I'm the BS. WH had a 3 month EA/PA with a cOW. DDay was 4/17. Working on R. Married 15 years and together 20 at DDay.
DDay #2 and #3 6/19. Grew a conscience and admitted a full blown physical affair. Now in limbo.
Can we talk about sex?
Especially interested in those of you who feel positive about the direction of R or your WS' work.
A little backstory for those of you who don't know me, my WH had an affair in 2017. I discovered and was told the physical extent was a kiss and the EA had been happening for a few months prior. We hysterically bonded mostly daily or multiple times daily for the next two years. It was the best sex either of us we'd had together. (And prior to his A, I was his only, he was NOT my only.) In 2019, he confessed to sex (occurred over a 4 day conference, a BJ on the way home from the airport and a quickie the following week in the parking garage at work).
Since his confession, we've had sex maybe a dozen times. Not a single time was it connective (TMI, but only twice did I face him.) I've cried every time. I also can only be physical if I have headphones in as a distraction. I can't take being silent with him (or hearing him talk to me bc then I wonder what he said to her).
I think I partially I cannot stand the idea that he still gets to have sex with me after the lies and gaslighting, partially that he (and I) feel tainted and disgusting (he gave me an STD that I will have forever bc he had unprotected sex), and partially I am just not okay being vulnerable in that way with him anymore - after two years of completely trusting, that was also destroyed with his lies.
My question ----- has anyone had these issues? I think relationship wise, we do well. Great communication, have fun together, spend a LOT of time together (thanks COVID!), etc. I do think he is honest and tries to be a better man every day (poly confirmed his timeline and since that 2nd DDay there has been no lies).
Is it possible to get that loving feeling back AGAIN? I have started IC up again, and a new BTrauma group, but I am kinda wondering if I need a sex therapist, drugs, or a lobotomy. (I've read a lot, and we've tried sensate touch stuff, which helps but maybe I'm just being impatient).
I always get the sense that while mind movies and triggers happen, many of you are still connecting physically, and I just feel grossed out by my own sexuality these days, much less my husband's.
Thanks in advance for any advice. Infidelity sucks.
25 comments posted: Tuesday, June 8th, 2021
"Team Bonding" Events/Trips - Thoughts?
Many companies, especially startups, love to do "team bonding" events. In my experience these have ranged from happy hours in/out of the office, team dinners, actual "team" building at places made for such things (like ropes courses/games) and trips solely for "fun".
Post DDay 1, my husband has not engaged in ANY of these events. Post DDay 2, he hasn't even traveled much and since COVID, has been working from home for almost a year.
Recently, there has been the possibility of working for a different company. (This would not be a choice to "change" jobs but a shift in company ownership.) He would have a different CEO, would have a different position himself (currently he has a lot of freedom to make his schedule/say no to any conferences/events/travel, etc.) and may be asked or expected to engage in this new company, and with his new employees that would work for and with him. This new company is very very young and does many of the above things, including a weeklong company "retreat" where they travel internationally and do things like water sports together. They are also almost 70% females. (I think that it is awesome, btw, but seeing as how his A was with a female peer, it is a trigger point.)

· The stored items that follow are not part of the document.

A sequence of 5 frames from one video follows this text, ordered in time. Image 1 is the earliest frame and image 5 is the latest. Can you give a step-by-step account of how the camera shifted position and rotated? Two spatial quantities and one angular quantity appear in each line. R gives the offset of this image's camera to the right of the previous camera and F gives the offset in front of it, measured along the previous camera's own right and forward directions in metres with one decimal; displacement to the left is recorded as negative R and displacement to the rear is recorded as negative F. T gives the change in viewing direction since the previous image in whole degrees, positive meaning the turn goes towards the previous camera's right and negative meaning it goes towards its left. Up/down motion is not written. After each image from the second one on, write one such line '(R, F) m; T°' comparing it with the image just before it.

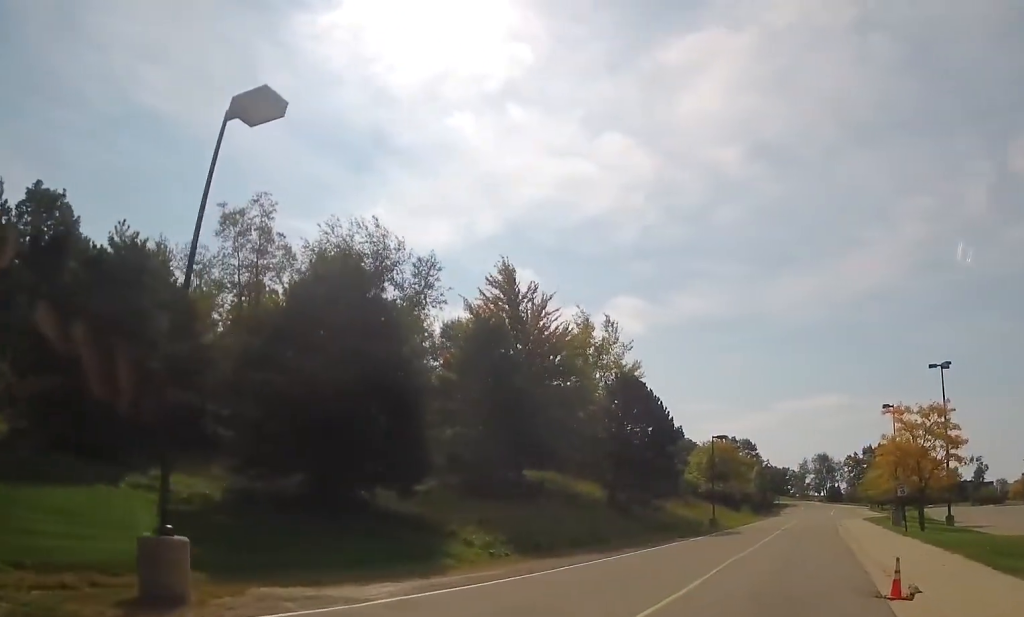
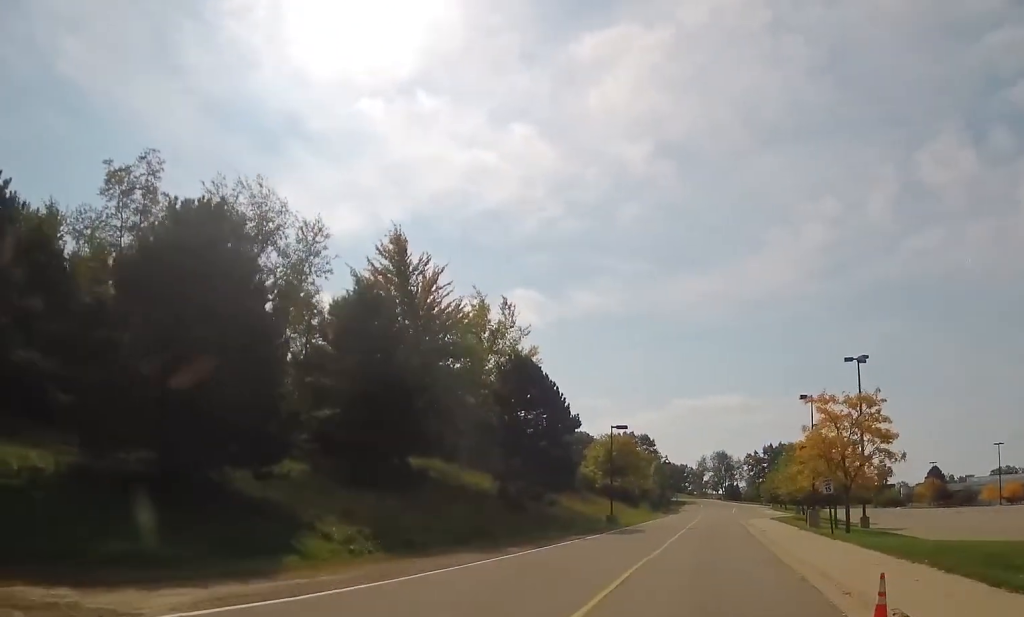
(+0.3, +3.5) m; +9°
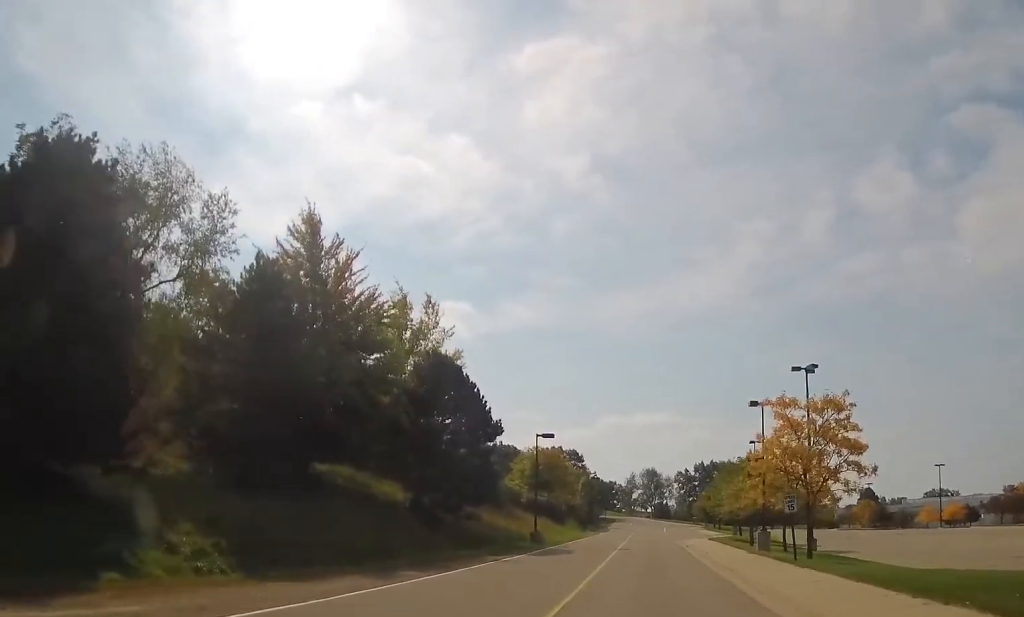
(+0.6, +4.2) m; +7°
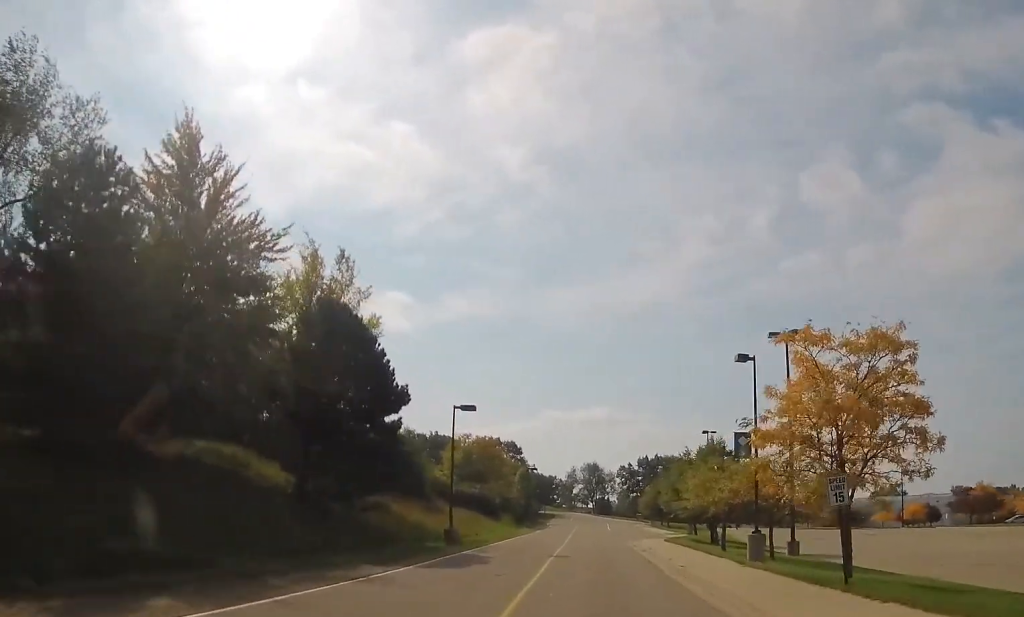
(+0.2, +9.2) m; +1°
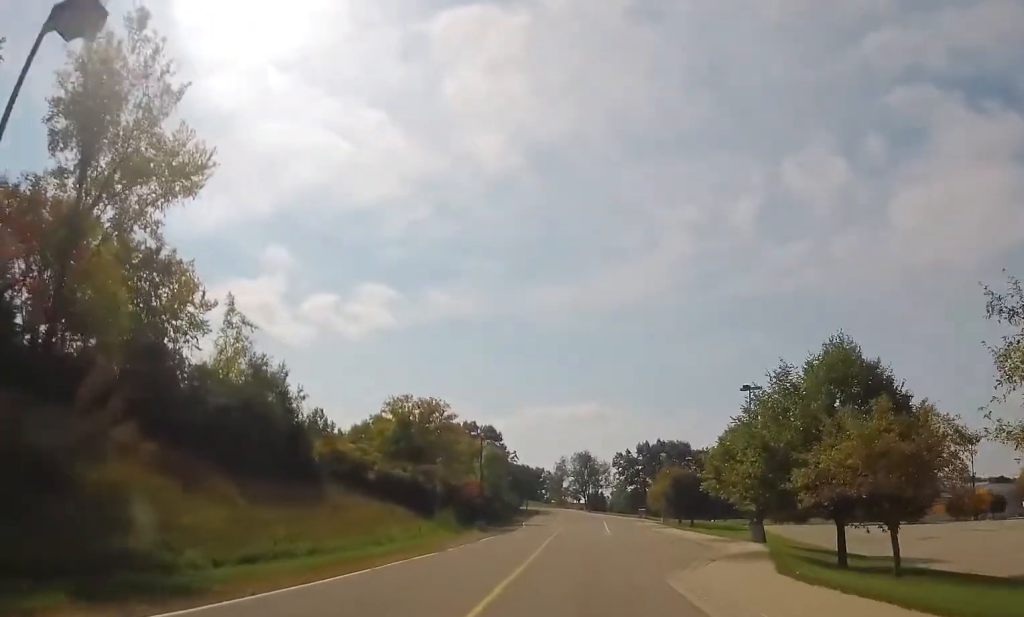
(+0.9, +29.8) m; +4°

Obviously, nothing is set in stone and my H is confident that any obstacles will give him a chance to prove he's putting our marriage and his values first. I'm just curious how others would/do feel about these kinds of activities for co-workers.
I tend to personally think that alcohol and vacations should be done with your spouse or same sex friends, not people you work with. I find it somewhat of a slippery slope to be TOO close to those your work with (even if you aren't having sex with them). Friendly, yes, but in drinking in bathing suits with them, no.
So what do you guys think? Am I on an island to think this way? (For the record, my WH is on the same page I am now as he sees how easily boundaries get pushed in those situations.)